With the rapid development and complex challenges of chemical substances, the synthesis of new drugs is usually one of the most effective ways to increase yield.1620-76-4, name is 4-Methylpicolinonitrile, molecular formula is C7H6N2, molecular weight is 118.14, as common compound, the synthetic route is as follows.category: pyridine-derivatives

A solution of 2-cyano-4-methyl pyridine (0.15 g, 1.27 mmol) in about 10 mL of 6 M HCl was heated under reflux for 24 h. During this time, the initially light yellow solution changed to a clear solution. The solution was evaporated to dryness to leave a white solid. The solid was recrystallized from a minimal amount of distilled water to give a yield of 148 mg (85 %) . 1H NMR (DMSO-dff) : delta = 8.65 (IH, s), 8.06 (IH, s), 7.66 (IH, s) 2.05 (3H, s)
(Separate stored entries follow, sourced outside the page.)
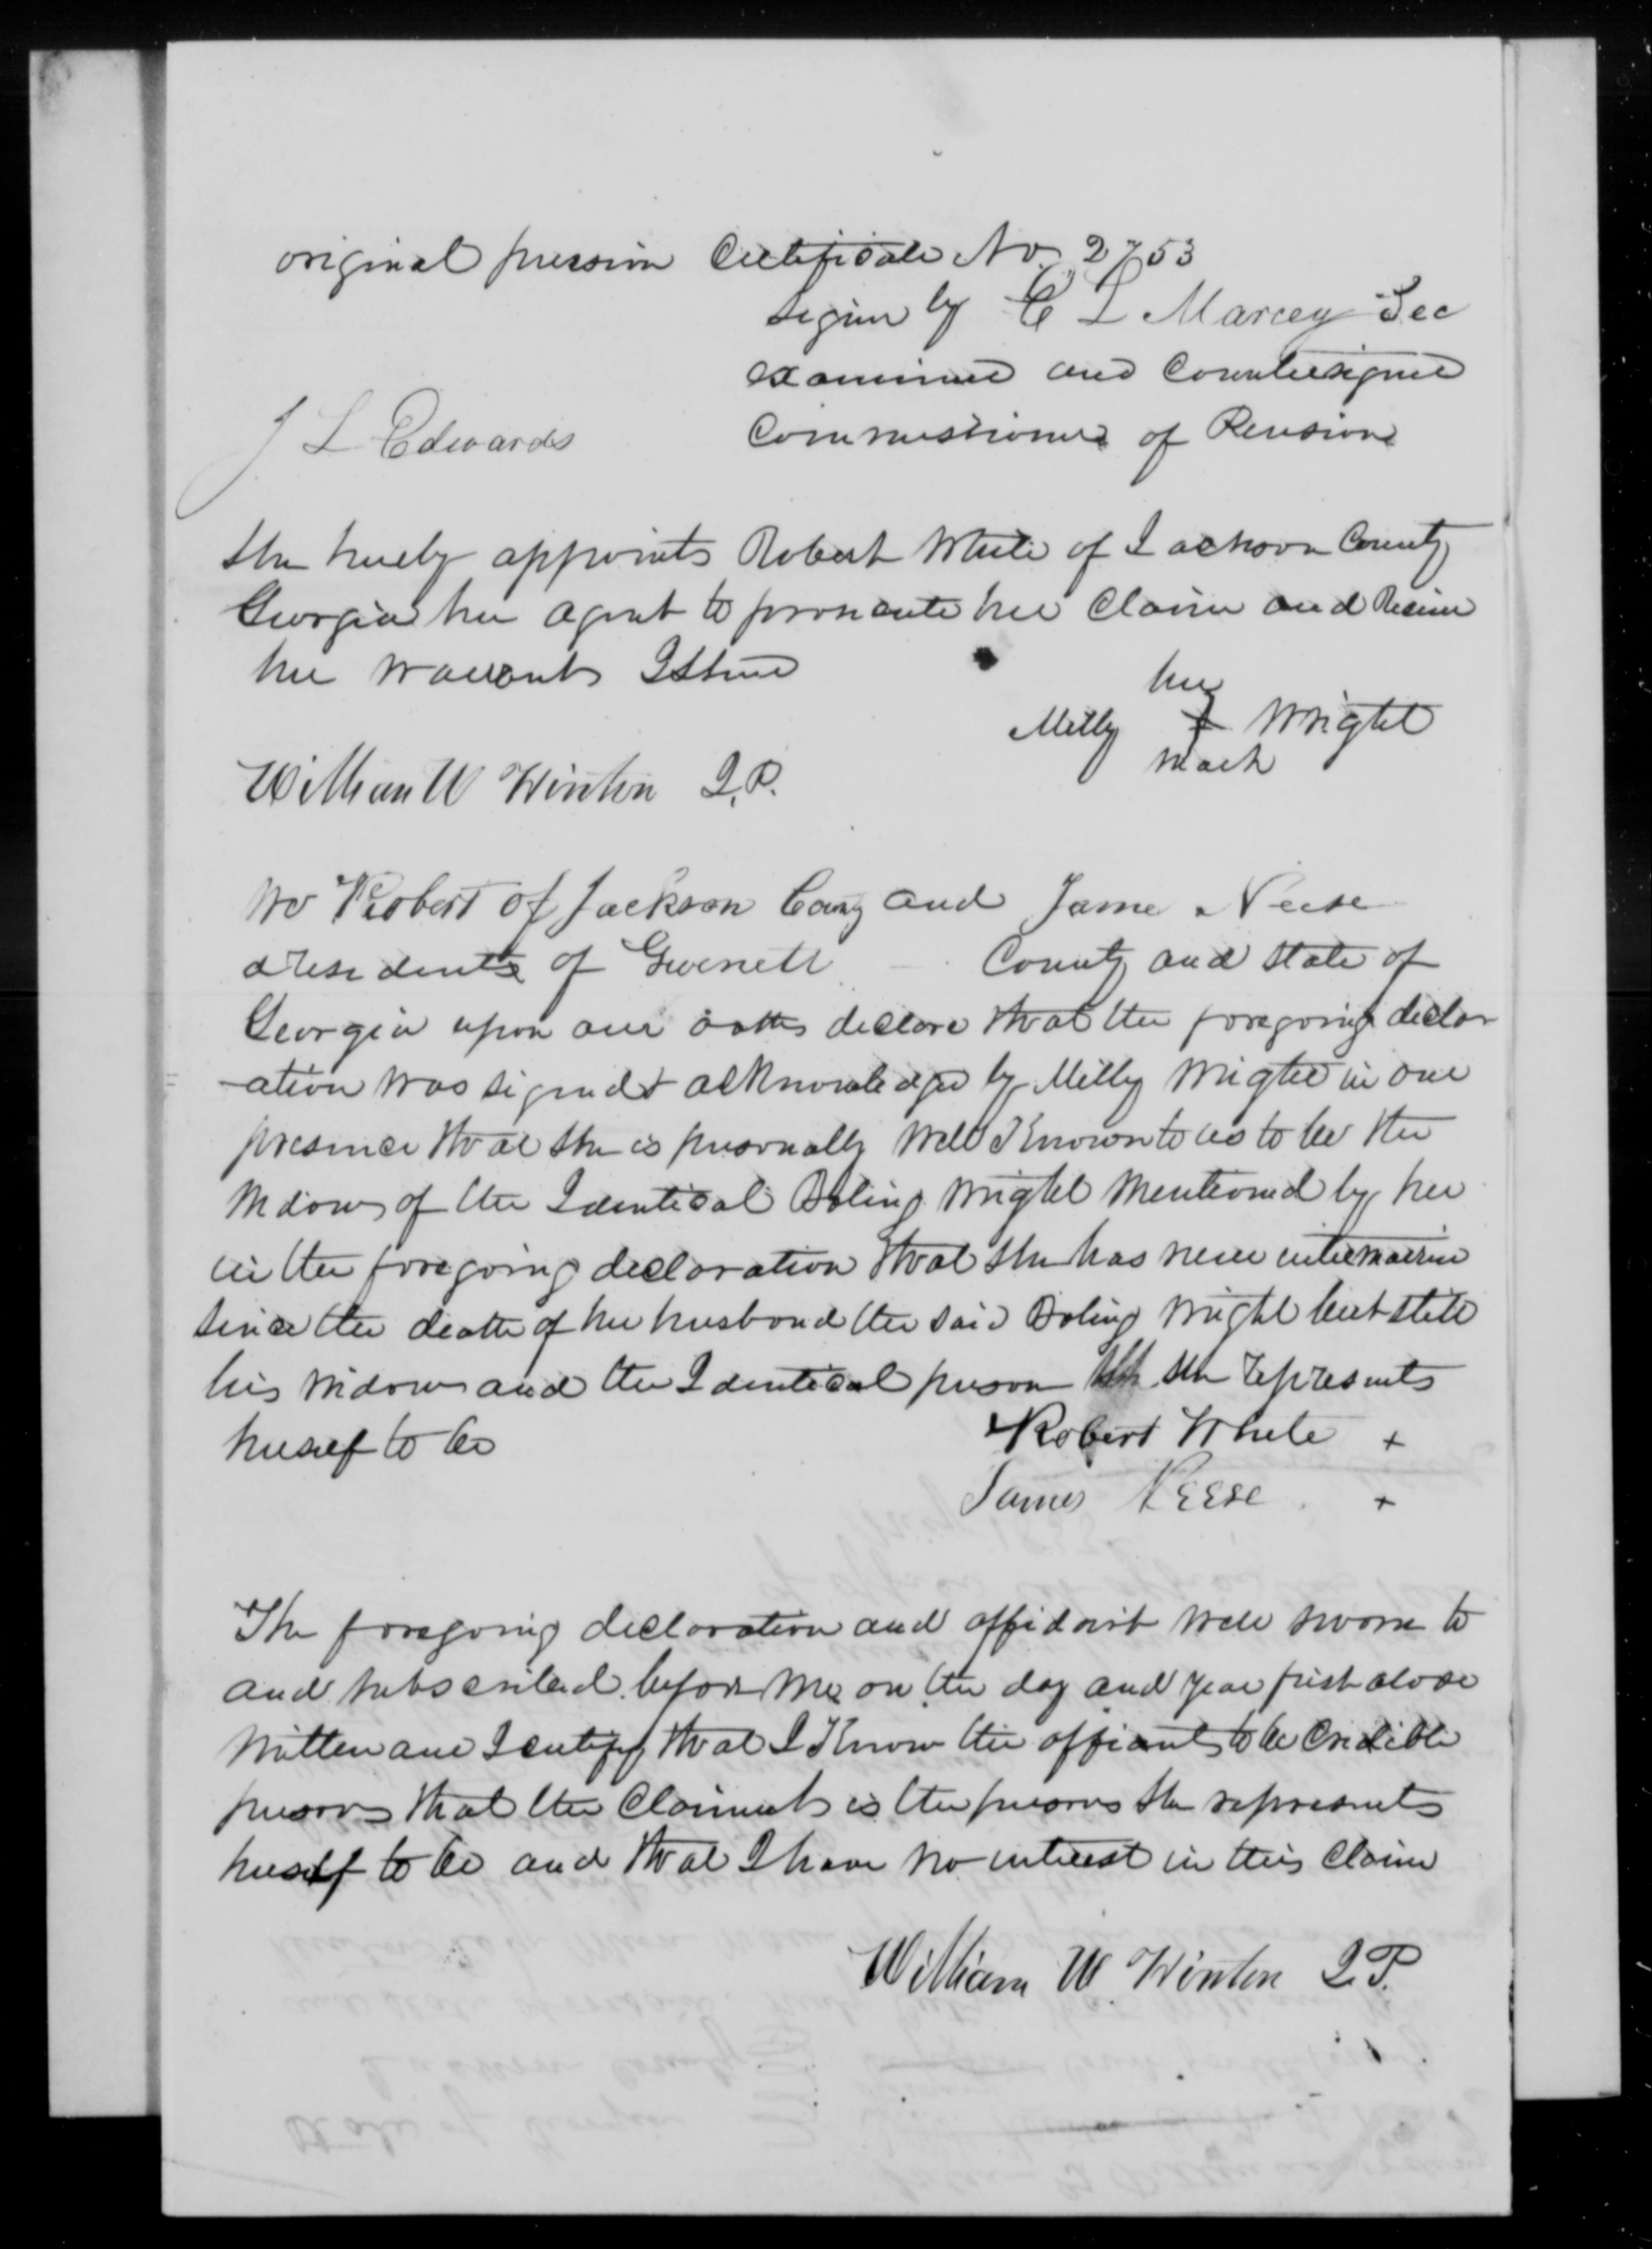original pension Certificate No. 2753
Signed by E L Marcee Sec
examined and Conter-signed
J L Edwards Commissioner of Pension

She hereby appoints Robert White of Jackson County Georgia her agent to prosecute her claim and receive her warrant Issued 
Milly x her mark Wright
William W Hinton J.P.

We Robert of Jackson County and James Reese a resident of Gwynett - County and state of Georgia upon our oaths, declare that the foregoing declaration was signed  by Milly Wright in our presence that she is personally well known to use to be the Widow of the Identical Boling Wright mentioned by her in the foregoing declaration That she has never intermarried since the death of her husband the said Boling Wright but still his widow and the Identical person she represents herself to be
Robert White x
James Reese x

The foregoing declaration and affidavit now sworn to and subscribed before me on the day and year first above written and I certify that I know this affiants to be Credible persons that the Claimant is the person she represents herself to be and that I have no interest in this claim
William W. Hinton J.P

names: E L Marcey, J L Edwards, James Neese, Boling Wright, Robert White, Milly Wright, William W Hinton
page: 22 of 81
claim: widow's
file: W. 5183, Bolling Wright, Va.

At the same time, in my other blogs, there are other synthetic methods of this type of compound,1620-76-4, 4-Methylpicolinonitrile, and friends who are interested can also refer to it.

Reference:
Patent; THE UNIVERSITY OF WARWICK; SADLER, Peter, John; PEACOCK, Anna, Frances, Acushla; VAN RIJT, Sabine, Helena; HABTEMARIAM, Abraha; WO2008/17855; (2008); A1;,
Pyridine – Wikipedia,
Pyridine | C5H5N – PubChem

With the rapid development and complex challenges of chemical substances, the synthesis of new drugs is usually one of the most effective ways to increase yield.85838-94-4, name is tert-Butyl 5,6-dihydropyridine-1(2H)-carboxylate, molecular formula is C10H17NO2, molecular weight is 183.25, as common compound, the synthetic route is as follows.Formula: C10H17NO2

1′-(1-t-butoxycarbonyl-3-hydroxypiperidin-4-yl)-3,4-dihydro-spiro[naphthalene1(2H),4′-piperidine] (19c) and 1′-(1-t-butoxycarbonyl-4-hydroxypiperidin-3-yl)-3,4-dihydro-spiro[naphthalene-1(2H),4′-piperidine] (20c) A mixture of the hydrochloride of 10 (4.9 g, 20.6 mmol) and 5.8 g (21 mmol) of the isomeric bromohydrins derived from 1-t-butoxycarbonyl-l,2,3,6-tetrahydropyridine (see Procedure above) in absolute ethanol (25 mL) and triethylamine (15 mL) was refluxed for 24 h. Since TLC (silica gel, Hexanes/Ethyl acetate: 50/50) failed to show any progress in the reaction, solid potassium carbonate (7.26 g, 52.5 mmol) was added and the mixture was refluxed for four more days. After cooling, the salts were filtered off and the volatiles were removed under reduced pressure. The remaining brown oil was dissolved in ethyl acetate (30 mL) and the organic layer was successively washed with water (2*20 mL) and brine (20 mL), dried (Na2 SO4) and concentrated. The mixture of 19c and 20c was obtained as an orange oil (6.7 g, 84%).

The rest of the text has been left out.